It didn’t even strike me that the message was intended for me. Shortly after, a second message arrived from another unknown number in the afternoon. By evening, a third message arrived compelling me to revise my thoughts about it being wrongly sent to me or a prank.

These thoughts turned to concern and consternation a little later when I received a call from an unknown number. I was then at the Rajiv Chowk Metro station in New Delhi navigating the evening rush hour home. The call quality was poor, but I heard a male voice telling me why a patrakar or anyone else shouldn’t write against rashtriyavaadi taqaat’ (nationalistic force) RSS and BJP. The call was quickly disconnected and the mobile switched off.

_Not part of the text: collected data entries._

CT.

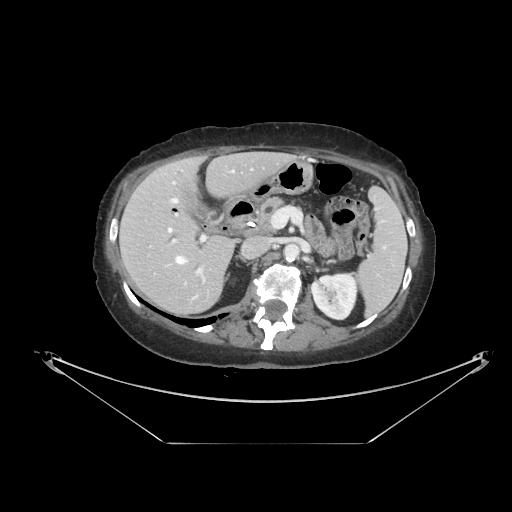
The pancreas appears at <bbox>260, 198, 284, 231</bbox>.
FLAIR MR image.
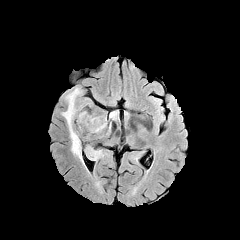
T1-weighted magnetic resonance.
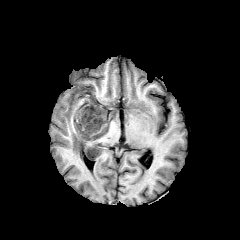
Post-contrast T1-weighted MR.
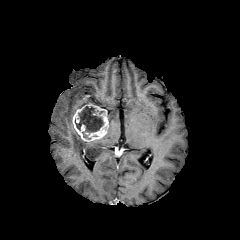
T2-weighted magnetic resonance.
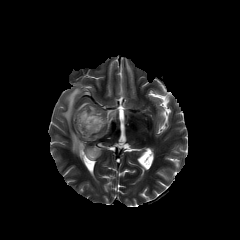
Head
Non-enhancing tumor core = bbox=[75, 108, 102, 131].
Edema = bbox=[108, 111, 116, 120]; bbox=[62, 88, 99, 163].
Enhancing tumor = bbox=[72, 106, 108, 141].

By 11.30 pm, when the fourth message turned up, I started getting worried. I had heard about several other journalists receiving similar threats, and treated these messages with a certain degree of scepticism. These could be a ploy of political rivals to discredit the government and the man helming it; they could be from some Hindutva fringe groups just issuing warnings with no real intent to carry these forward; or they could just be part of a sick joke. Perhaps these were the result of obstinate, offensive and unreasonable ideological positions certain journalists take in their articles. Who knows?

But this was happening to me. Not that anything can justify death threats to any journalist, but I just couldn’t comprehend "Why me?" I am a reporter, not an opinion writer. Although I write on national politics, the BJP is not my beat and posturing is not what I do.

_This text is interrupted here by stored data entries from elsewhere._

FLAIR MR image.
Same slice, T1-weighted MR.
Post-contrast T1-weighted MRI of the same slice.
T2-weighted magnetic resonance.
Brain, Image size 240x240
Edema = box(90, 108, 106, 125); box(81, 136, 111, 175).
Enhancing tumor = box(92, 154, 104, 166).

With the recent cases of Gauri and Santanu Bhowmik at the back of my mind, I would be lying if I say I was not unnerved. If nothing, whoever sent me the messages got hold of my number and knew I am a journalist. Was I am being watched? That evening on my way home, I was frequently looking over my shoulder for the first time in my life.


On 22 September, I met the Delhi Police commissioner and other senior officials. The sender (or senders) of threat messages could have belonged to the Left, Right or more centrist political ideologies. They may have been some lumpen elements with no ideology of their own, but trying to add fuel to fire. I lodged an official complaint giving details of the mobile phone numbers and screenshots of the threat messages I had received.

The very next day I again received the fifth (and hopefully, final) message from another unknown number. In all, five messages from four mobile phone numbers. The first four were from a single series starting with ‘998’ and the last one from the ‘887’ series.

Meanwhile, I received a call from Anil Sinha, a senior journalist. He told me that he too had received a similar threat. Then I remembered the story of Vijay Gupta, another senior journalist, who too had received a threatening call a fortnight earlier from a 'private' number. The caller claimed he was from Uttar Pradesh. When Gupta challenged him, he disconnected.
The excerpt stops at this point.